IQALUIT, Canada (Reuters) - Seals are hot at the G7 meeting in Canada’s Arctic this weekend, whether it’s the sealskin mitts artisans are trying to sell, or the raw seal meat on the menu at a community feast on Saturday.
But officials and locals insist that hunting here is an essential livelihood for a community that already faces high prices for basic goods.
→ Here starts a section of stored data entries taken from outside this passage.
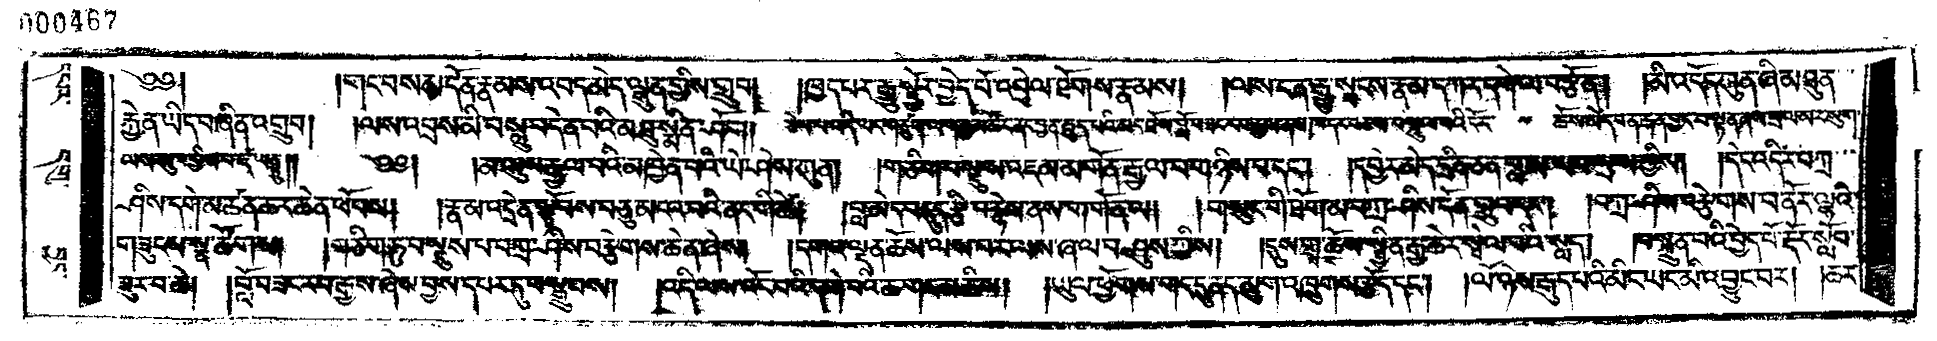༄༅། །གང་བསམ་དོན་རྣམས་འབད་མེད་ལྷུན་གྱིས་གྲུབ། །ཁྱད་པར་རྒྱུ་སྦྱོར་བྱེད་པོ་འབྲེལ་ཐོགས་རྣམས། །ལས་ངན་རྒྱུ་སྤངས་རྣམ་དཀར་དགེ་ལ་བརྩོན། །མི་འདོད་ཀུན་ཞི་མཐུན་
རྐྱེན་ཡིད་བཞིན་འགྲུབ། །ལས་འབྲས་མི་བསླུ་བདེན་པའི་མཐུ་སྨིན་ཤོག །ཅེས་པ་འདི་ཡང་གཙུག་ལག་རྒྱ་མཚོར་ནང་བྱན་ཆུད་པའི་མང་ཐོས་བློ་བཟང་རབ་རྒྱས་ནས་ཁ་དར་བཅས་བསྐུལ་བའི་ངོར་༧་ཆོས་མེད་བན་རྒན་བྱང་བསྟན་ནས་ཕྲལ་མར་སུག་
ལས་སུ་བགྱིས་པ་ཛ་ཡནྟུ།། ༄༅། །མ་ལུས་རྒྱལ་བའི་མཁྱེན་པའི་ཡེ་ཤེས་ཀུན། །གཅིག་བསྡུས་འཇམ་མགོན་རྒྱལ་བ་གཉིས་པ་དང་། །དབྱེར་མེད་དྲིན་ཅན་བླ་མ་ཡབ་སྲས་ཀྱིས། །དེང་འདིར་བཀྲ་
ཤིས་དགེ་མཚན་ཆར་ཆེན་ཕོབས། །རྣམ་འདྲེན་སྟོབས་བཅུ་མངའ་བའི་ནང་གི་ཚེ། །བླ་མེད་བདུད་རྩི་བརྙེས་ནས་ག་གོན་ལ། །གསུང་གི་ཐོག་མ་བཀྲ་ཤིས་དོན་གྲུབ་དང་། །བཀྲ་ཤིས་བརྩེགས་པ་ནོར་ལྷའི་
གཟུངས་སྣ་ཚོགས། །གཅིག་ཏུ་བསྡུས་པ་བཀྲ་ཤིས་བརྩེགས་ཆེན་ཞེས། །དགའ་ལྡན་ཆོས་ལས་པར་ལས་ཞལ་བཤུས་ཀྱིས། །དུས་གྲྭར་ཆོས་སྦྱིན་རྒྱ་ཆེར་སྤེལ་བའི་སླད། །བསྐྲུན་པའི་བྱེད་པོ་རྡོར་སློབ་
ཟུར་བ་ཆེ། །བློ་བཟང་རབ་རྒྱས་ཞེས་བྱས་དཔར་དུ་བསྒྲུབས། །འདི་ལས་འོང་བའི་དགེ་བའི་ཆ་གང་མཆིས། །ཡུལ་ཕྱོགས་གང་དུ་ནད་མུག་འཁྲུགས་རྩོད་དང་། །ལོ་ཉེས་རྒུད་པའི་མིང་ཡང་མི་འབྱུང་བར། །ཆར་

Iqaluit, a town of 6,000 some 200 miles south of the Arctic Circle, is only accessible by air in winter, when Frobisher Bay freezes into a jagged shoreline of blocks of ice, and life ain’t cheap.
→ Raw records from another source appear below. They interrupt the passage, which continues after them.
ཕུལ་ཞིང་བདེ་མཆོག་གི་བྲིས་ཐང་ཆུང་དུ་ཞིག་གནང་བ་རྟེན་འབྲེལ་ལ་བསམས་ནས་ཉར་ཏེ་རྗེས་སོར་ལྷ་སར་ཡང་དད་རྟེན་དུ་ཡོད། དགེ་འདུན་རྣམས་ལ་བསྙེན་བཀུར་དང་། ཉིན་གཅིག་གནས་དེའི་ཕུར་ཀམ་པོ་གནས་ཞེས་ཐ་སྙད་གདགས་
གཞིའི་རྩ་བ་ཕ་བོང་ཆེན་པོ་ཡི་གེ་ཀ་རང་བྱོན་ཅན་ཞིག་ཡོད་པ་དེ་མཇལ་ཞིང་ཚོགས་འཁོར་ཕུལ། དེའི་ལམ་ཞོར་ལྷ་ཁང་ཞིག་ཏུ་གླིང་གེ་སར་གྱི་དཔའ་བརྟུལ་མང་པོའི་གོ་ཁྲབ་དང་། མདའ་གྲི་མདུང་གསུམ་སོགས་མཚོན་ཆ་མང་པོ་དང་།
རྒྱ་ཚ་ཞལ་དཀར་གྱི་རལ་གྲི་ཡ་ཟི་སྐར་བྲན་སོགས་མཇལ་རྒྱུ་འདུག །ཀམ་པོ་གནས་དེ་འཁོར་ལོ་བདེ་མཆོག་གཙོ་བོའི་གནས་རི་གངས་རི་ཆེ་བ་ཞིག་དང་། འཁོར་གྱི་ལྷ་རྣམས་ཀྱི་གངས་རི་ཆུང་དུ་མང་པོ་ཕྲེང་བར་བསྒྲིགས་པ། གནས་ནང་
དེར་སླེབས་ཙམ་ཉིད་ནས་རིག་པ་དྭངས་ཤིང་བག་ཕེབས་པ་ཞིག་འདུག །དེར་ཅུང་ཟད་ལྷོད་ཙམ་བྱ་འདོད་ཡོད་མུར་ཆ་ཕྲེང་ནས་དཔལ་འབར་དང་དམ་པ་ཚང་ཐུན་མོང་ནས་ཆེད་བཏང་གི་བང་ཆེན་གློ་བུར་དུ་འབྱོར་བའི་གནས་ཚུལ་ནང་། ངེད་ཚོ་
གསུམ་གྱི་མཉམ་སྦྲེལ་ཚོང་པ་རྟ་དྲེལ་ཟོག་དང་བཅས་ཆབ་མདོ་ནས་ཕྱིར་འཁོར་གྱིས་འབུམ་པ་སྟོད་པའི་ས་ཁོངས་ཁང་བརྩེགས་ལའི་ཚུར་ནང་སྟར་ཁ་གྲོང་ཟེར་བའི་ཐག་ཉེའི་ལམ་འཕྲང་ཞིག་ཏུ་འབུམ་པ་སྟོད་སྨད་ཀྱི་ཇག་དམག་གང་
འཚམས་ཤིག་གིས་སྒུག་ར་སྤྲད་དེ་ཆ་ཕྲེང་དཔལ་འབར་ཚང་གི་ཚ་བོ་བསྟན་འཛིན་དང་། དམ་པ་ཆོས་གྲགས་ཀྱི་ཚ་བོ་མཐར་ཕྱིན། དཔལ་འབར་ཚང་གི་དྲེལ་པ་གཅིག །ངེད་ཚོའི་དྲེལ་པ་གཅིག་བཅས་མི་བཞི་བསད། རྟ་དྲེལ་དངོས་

“You’ve probably seen a lot of sealskin worn here, if you feel the temperatures out there it is a necessity,” said Eva Aariak, premier of Nunavut territory, where Iqaluit is located. “It’s part of our culture, it’s part of who we are.”
Speaking at an investment forum on the sidelines of the Group of Seven meeting of finance officials from rich industrialized nations being held in Iqaluit this weekend, she added: “Food is expensive here and we have to supplement our nutrition with seal and caribou.”
People here say there’s a world of difference between the hunting that is part of the Inuit culture and the grisly commercial seal hunts that are the annual target of animal rights groups. A proposed European ban on seal products will not apply to products from the Inuit hunt, and a group of teenagers sneaking a cigarette behind Iqaluit’s blue-block high school defended the hunting.
“They don’t realize that we’re here because of those animals,” said Leetia Naulaq, who was outside without hat or gloves despite temperatures of around -15 degrees Celsius (0 degrees Fahrenheit). “We don’t waste any of it, we use every bit of it for something. It’s food, we use the sealskin... It’s our way of living.”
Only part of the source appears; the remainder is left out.